To do –
Begin your copy at the line with "లాసచూపగనే పాశ్చాత్య క్రైస్తవస్త్రీ" in the records below and end it at the line with "కేమిగాని మీరాజు రాజ్యచ్యుతుఁడు", restating each line word for word; omit the pictures.

Stored data –
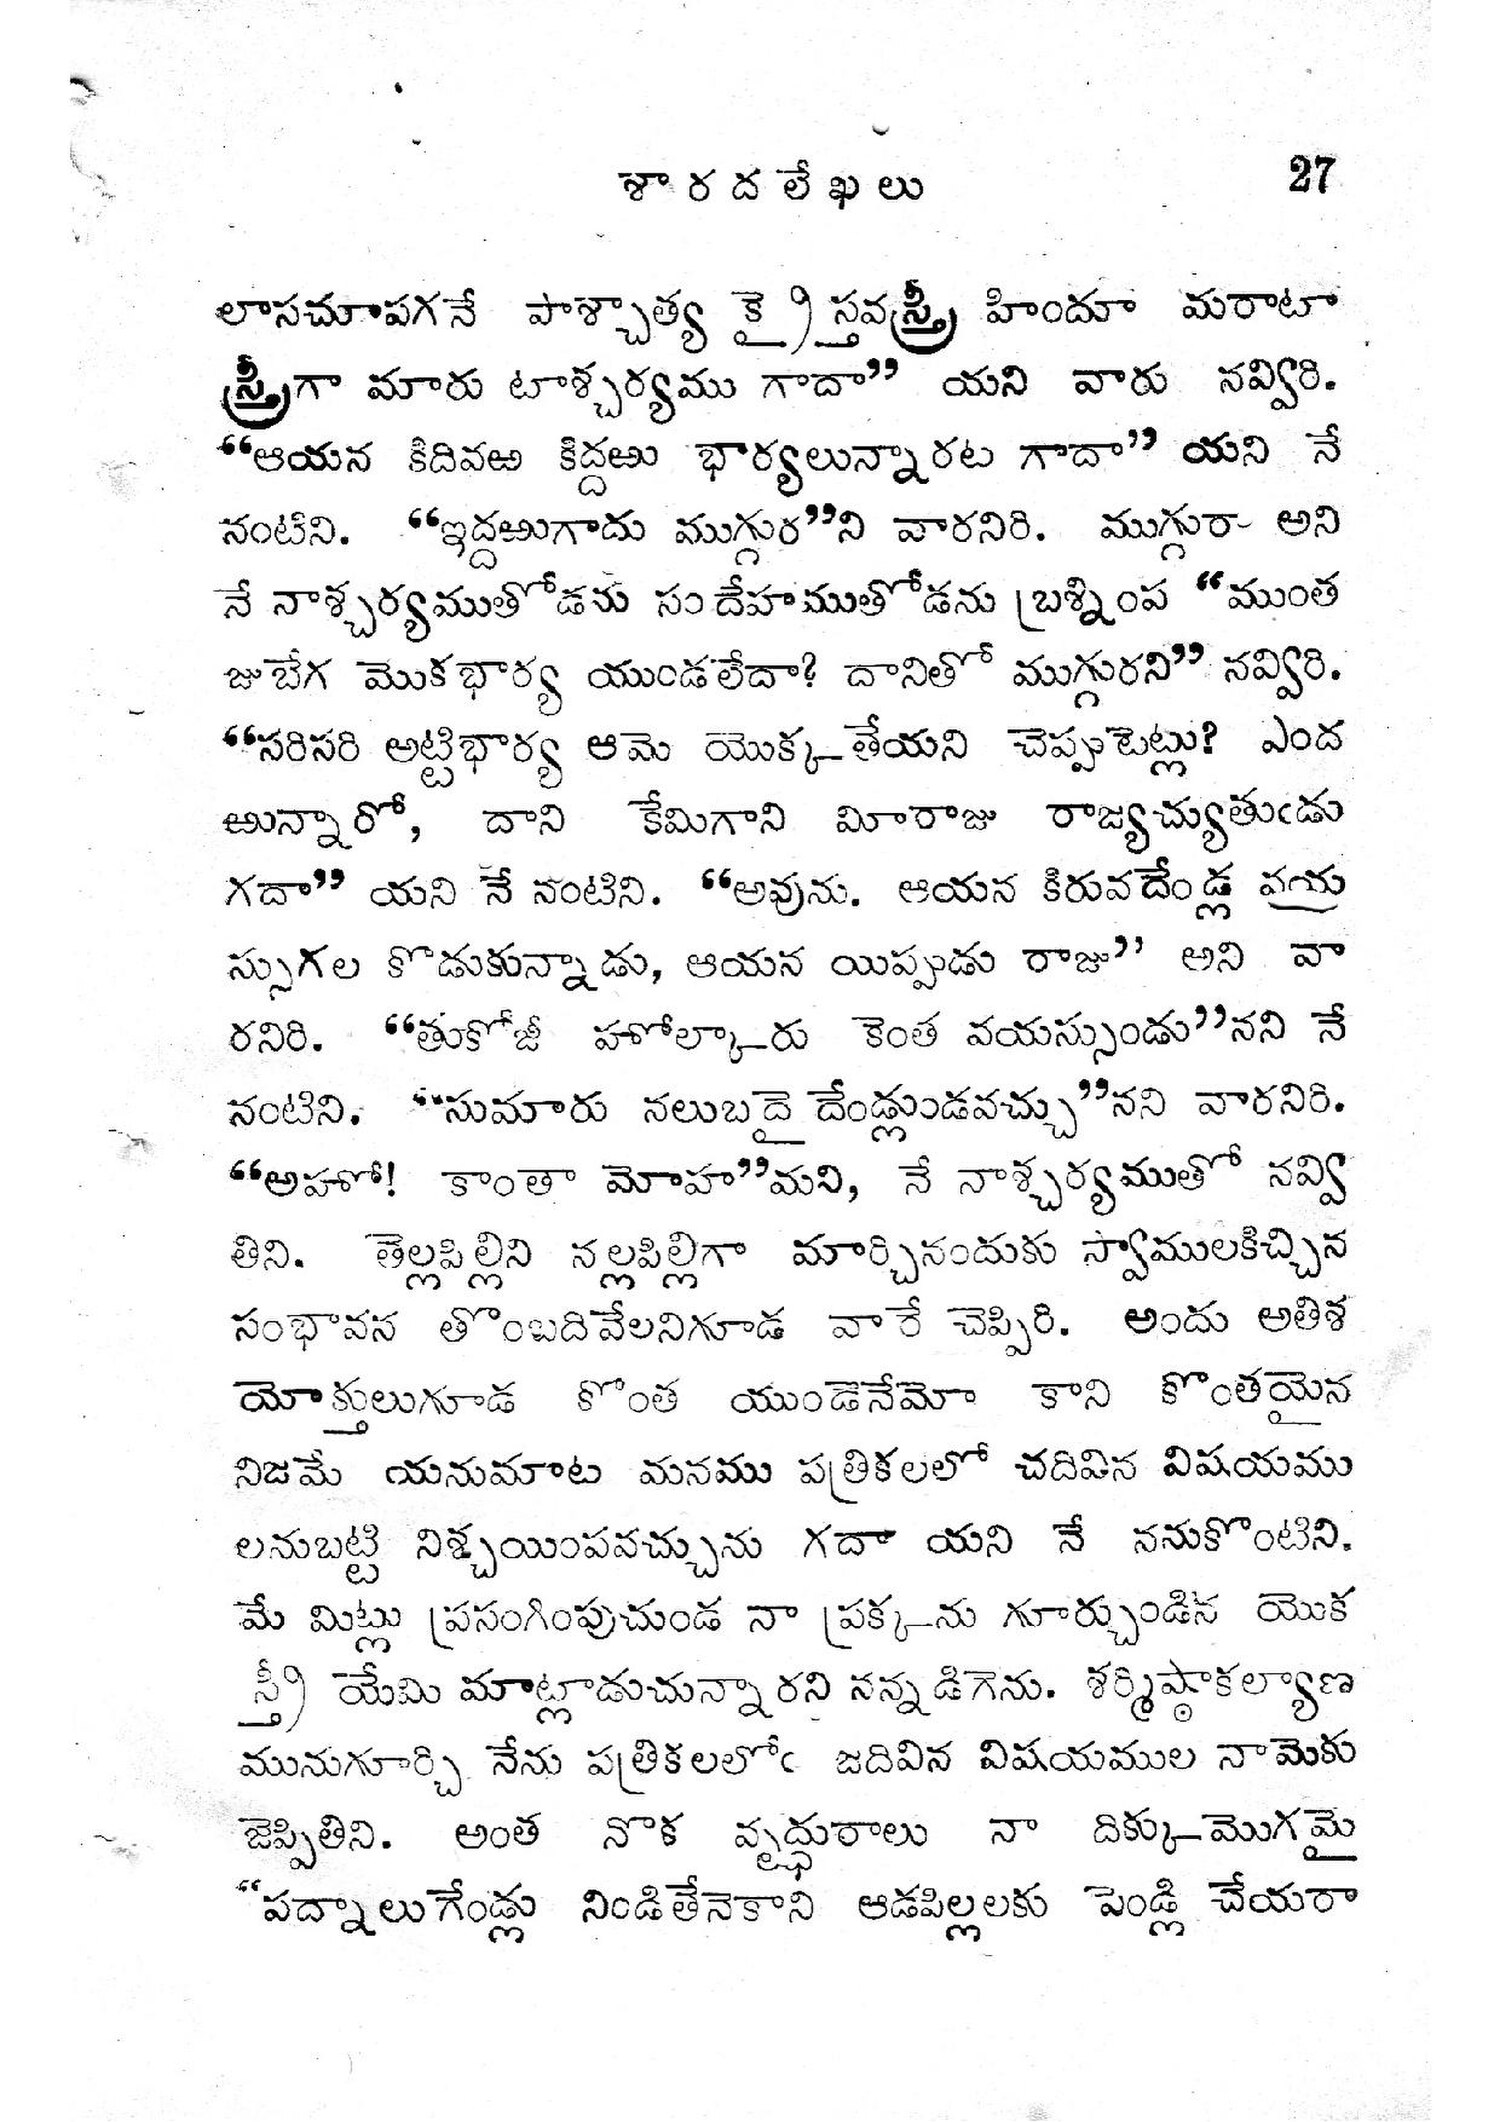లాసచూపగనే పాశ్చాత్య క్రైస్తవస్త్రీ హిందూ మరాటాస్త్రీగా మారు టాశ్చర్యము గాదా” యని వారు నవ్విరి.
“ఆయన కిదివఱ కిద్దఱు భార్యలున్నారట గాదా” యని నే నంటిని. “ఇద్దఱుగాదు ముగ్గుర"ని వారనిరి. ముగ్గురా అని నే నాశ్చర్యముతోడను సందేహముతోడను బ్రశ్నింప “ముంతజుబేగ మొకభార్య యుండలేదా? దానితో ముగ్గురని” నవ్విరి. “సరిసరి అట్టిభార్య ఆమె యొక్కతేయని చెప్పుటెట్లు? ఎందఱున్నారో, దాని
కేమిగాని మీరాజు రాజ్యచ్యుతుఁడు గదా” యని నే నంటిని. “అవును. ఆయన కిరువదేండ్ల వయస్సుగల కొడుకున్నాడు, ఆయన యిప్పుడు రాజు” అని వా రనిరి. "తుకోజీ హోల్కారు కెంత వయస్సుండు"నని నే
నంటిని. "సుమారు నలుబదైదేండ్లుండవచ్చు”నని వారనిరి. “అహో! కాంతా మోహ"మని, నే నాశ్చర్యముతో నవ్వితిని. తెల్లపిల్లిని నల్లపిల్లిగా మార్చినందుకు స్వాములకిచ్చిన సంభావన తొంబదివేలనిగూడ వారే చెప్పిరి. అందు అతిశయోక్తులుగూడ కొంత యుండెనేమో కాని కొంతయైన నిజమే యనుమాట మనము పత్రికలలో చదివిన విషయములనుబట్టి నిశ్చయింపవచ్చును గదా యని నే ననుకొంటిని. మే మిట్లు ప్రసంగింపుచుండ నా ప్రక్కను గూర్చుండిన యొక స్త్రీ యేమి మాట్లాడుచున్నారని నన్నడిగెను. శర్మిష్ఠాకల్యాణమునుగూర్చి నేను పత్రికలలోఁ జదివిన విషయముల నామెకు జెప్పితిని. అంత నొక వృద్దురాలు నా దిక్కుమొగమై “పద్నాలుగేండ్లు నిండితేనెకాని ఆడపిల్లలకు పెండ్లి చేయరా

==

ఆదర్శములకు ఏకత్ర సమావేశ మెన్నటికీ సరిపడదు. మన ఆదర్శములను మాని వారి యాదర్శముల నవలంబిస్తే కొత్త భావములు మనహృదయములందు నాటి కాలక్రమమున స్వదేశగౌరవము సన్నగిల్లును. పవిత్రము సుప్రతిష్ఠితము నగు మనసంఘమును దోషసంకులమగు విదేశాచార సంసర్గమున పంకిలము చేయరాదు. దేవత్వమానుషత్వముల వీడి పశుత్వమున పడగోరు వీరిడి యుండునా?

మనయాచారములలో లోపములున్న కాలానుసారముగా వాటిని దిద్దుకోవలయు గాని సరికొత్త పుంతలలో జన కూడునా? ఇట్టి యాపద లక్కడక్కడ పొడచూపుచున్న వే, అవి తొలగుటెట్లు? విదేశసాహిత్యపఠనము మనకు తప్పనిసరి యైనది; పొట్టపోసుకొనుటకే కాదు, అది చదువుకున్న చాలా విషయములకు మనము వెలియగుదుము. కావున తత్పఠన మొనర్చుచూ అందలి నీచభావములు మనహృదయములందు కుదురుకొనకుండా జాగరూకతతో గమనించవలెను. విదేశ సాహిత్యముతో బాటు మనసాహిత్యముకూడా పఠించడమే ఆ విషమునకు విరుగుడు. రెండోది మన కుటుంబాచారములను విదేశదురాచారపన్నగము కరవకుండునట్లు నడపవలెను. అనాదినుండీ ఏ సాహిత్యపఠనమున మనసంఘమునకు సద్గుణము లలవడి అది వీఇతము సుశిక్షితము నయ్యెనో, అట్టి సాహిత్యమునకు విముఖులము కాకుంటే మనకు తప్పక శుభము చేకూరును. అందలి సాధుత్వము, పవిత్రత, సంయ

==

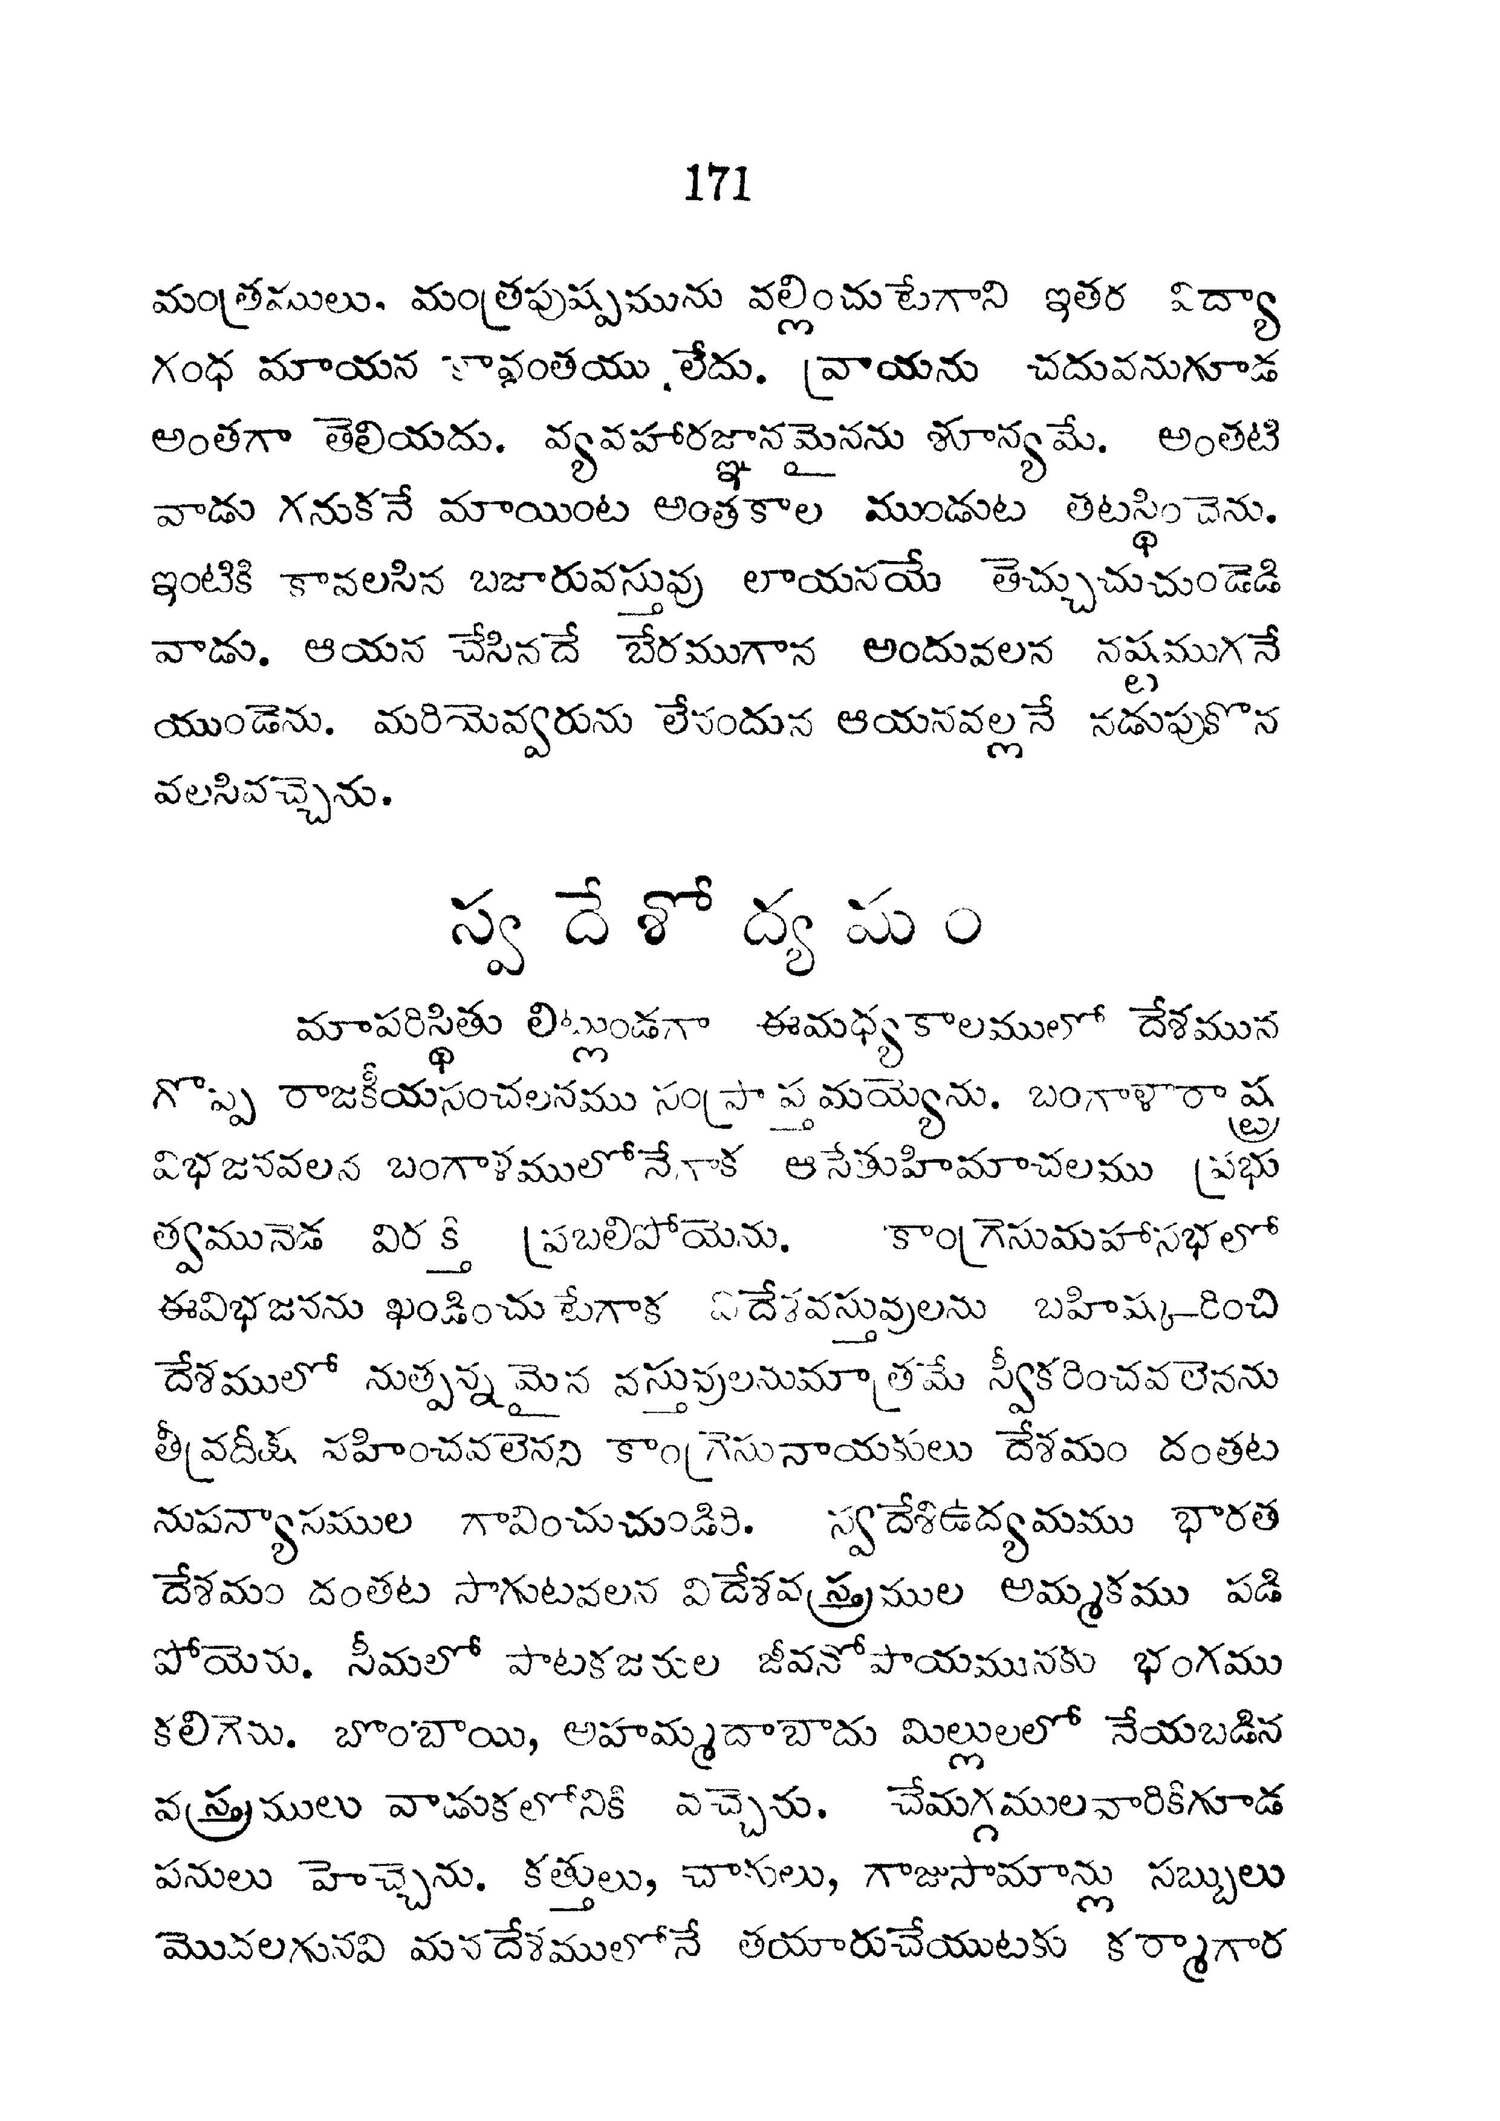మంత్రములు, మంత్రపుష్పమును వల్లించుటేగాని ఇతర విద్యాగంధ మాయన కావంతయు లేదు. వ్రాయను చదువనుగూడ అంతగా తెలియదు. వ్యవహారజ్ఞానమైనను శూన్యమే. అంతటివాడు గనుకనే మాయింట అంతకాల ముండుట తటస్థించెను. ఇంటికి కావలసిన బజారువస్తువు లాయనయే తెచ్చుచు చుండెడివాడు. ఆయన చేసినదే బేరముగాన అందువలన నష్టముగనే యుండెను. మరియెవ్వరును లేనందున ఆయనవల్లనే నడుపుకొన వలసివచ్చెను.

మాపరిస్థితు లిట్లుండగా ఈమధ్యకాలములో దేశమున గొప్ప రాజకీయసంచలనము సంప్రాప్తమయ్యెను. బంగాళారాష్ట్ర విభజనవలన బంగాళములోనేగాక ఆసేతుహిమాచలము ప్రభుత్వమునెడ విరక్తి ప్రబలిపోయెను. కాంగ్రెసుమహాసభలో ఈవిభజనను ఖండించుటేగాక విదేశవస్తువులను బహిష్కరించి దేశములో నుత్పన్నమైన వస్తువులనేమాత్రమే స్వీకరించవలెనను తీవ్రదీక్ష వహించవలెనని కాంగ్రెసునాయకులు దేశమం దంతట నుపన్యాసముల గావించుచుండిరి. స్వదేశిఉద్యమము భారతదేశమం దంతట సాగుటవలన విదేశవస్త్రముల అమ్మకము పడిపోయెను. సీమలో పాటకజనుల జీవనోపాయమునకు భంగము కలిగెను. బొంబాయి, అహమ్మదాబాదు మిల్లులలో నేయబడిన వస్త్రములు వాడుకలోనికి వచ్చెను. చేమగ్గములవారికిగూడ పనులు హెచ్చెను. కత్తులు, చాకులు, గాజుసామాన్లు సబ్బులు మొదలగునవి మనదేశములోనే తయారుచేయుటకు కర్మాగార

Task response –
లాసచూపగనే పాశ్చాత్య క్రైస్తవస్త్రీ హిందూ మరాటాస్త్రీగా మారు టాశ్చర్యము గాదా” యని వారు నవ్విరి.
“ఆయన కిదివఱ కిద్దఱు భార్యలున్నారట గాదా” యని నే నంటిని. “ఇద్దఱుగాదు ముగ్గుర"ని వారనిరి. ముగ్గురా అని నే నాశ్చర్యముతోడను సందేహముతోడను బ్రశ్నింప “ముంతజుబేగ మొకభార్య యుండలేదా? దానితో ముగ్గురని” నవ్విరి. “సరిసరి అట్టిభార్య ఆమె యొక్కతేయని చెప్పుటెట్లు? ఎందఱున్నారో, దాని
కేమిగాని మీరాజు రాజ్యచ్యుతుఁడు గదా” యని నే నంటిని. “అవును. ఆయన కిరువదేండ్ల వయస్సుగల కొడుకున్నాడు, ఆయన యిప్పుడు రాజు” అని వా రనిరి. "తుకోజీ హోల్కారు కెంత వయస్సుండు"నని నే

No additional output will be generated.